Picture obtained from https://pxhere.com/
Glycine max (Williams 92 Genome Assembly) indexing
#!/bin/tcsh
#BSUB -J starindices_Soy_CCV-1 #job name
#BSUB -n 12 #number of nodes
#BSUB -W 2:0 #time for job to complete
#BSUB -o starindices.out.%J #output file
#BSUB -e starindices.err.%J #error file
# For running star to generate genome index
# Run in working directory /share/bitcpt/S23/cacofre/Portfolio
# Must run this in working directory with subdirectory named starindices/
set STAR=/usr/local/usrapps/bitcpt/star/bin/STAR
set IN=/share/bitcpt/S23/referenceGenomes/Portfolios/Glycine_max_Wm82-ISU01_v2/
${STAR} --runThreadN 12 --runMode genomeGenerate --genomeSAindexNbases 13 --genomeDir starindices/ --genomeFastaFiles ${IN}/glyma.Wm82_ISU01.gnm2.JFPQ.genome_main.fna --sjdbGTFfile ${IN}/glyma.Wm82_ISU01.gnm2.ann1.FGFB.gene_models_main.AGAT.gtf --sjdbOverhang 100
Set Variables
set STAR=/usr/local/usrapps/bitcpt/star/bin/STAR
Command set defines variable STAR to be (=) the path to the user maintained software
set IN=/share/bitcpt/S23/referenceGenomes/Soy/Glycine_max_Lee_v2/
Command set defines variable IN to be (=) the path to the reference genome
Command Options Breakdown
${STAR}
this is the command to run star software
It calls the preset variable 'STAR'
--runThreadN 12
set the number of threads, must match #BSUB -n value. Hazel maximum is 12!
--runMode genomeGenerate
STAR can do genome indexing and alignment. Here we're telling STAR that we want to index the genome.
--genomeSAindexNbases 13
default: 14
int: length (bases) of the SA pre-indexing string. Typically between 10 and 15. Longer strings will use much more memory, but allow faster searches. For small genomes, the parameter –genomeSAindexNbases must be scaled down to min(14, log2(GenomeLength)/2 - 1).
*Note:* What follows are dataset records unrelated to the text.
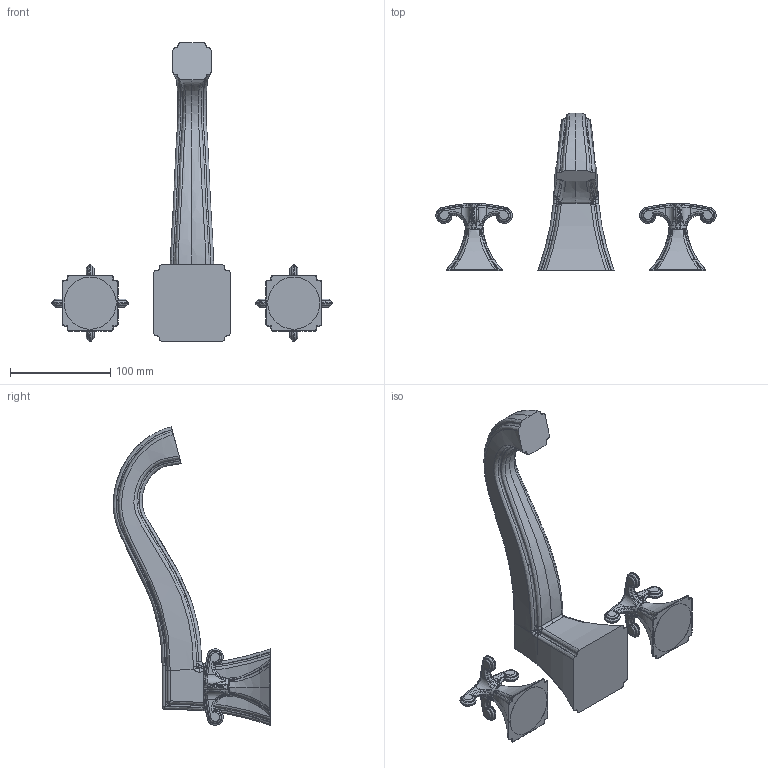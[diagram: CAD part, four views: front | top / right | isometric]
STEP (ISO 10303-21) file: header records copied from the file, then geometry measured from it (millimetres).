
FILE_DESCRIPTION((''),'2;1');
FILE_NAME('3-2526','2021-03-12T16:02:16',('jinson.thomas'),(''),'CREO PARAMETRIC BY PTC INC, 2018400','CREO PARAMETRIC BY PTC INC, 2018400','');
FILE_SCHEMA(('CONFIG_CONTROL_DESIGN'));
Length unit declared in the file: inch
Products named in the file (1): 3-2526
Bounding box: 279.38 x 156.91 x 297.81 mm (x, y, z)
Volume: 699224.4 mm3; surface area: 89725.7 mm2
Topology: 3 solids, 3 shells, 764 faces, 1773 edges, 1001 vertices
Faces by surface type: bspline 582, cylinder 95, torus 32, plane 29, sphere 26
Entity records: 54022 total; most frequent: CARTESIAN_POINT 40881, ORIENTED_EDGE 3506, EDGE_CURVE 1753, DIRECTION 1636, B_SPLINE_CURVE_WITH_KNOTS 1051, VERTEX_POINT 1001, EDGE_LOOP 770, FACE_OUTER_BOUND 764

set to star manual's recommendation for Soy genome size
Wolframalpha link shows math where ~1015016903 is Soy genome size:
The theoretical genome length of Soy is 1.1 Gb, so log2(1015016903)/2-1 = ~13.9 , always best to round (down) to the nearest whole number (13).
--genomeDir starindices/
Tell STAR where to write the output
--genomeFastaFiles ${IN}/glymaa.Lee.gnm2.K7BV.genome_main.fna
Tell STAR where the genome assembly file(s) are
--sjdbGTFfile ${IN}/glyma.Lee.gnm2.ann1.1FNT.gene_models_main.AGAT.gtf
Tell STAR where the annotation file is
--sjdbOverhang 100
Length of RNA-seq reads - 1. However, from the manual: In most cases, the default value of 100 will work as well as the ideal value.
If the job is successfully completed, no message will appear when using the command: "more starindices.err.XXXXX", whereas the "succesfully completed" message will appear when checking the starindices.out.XXXXX file.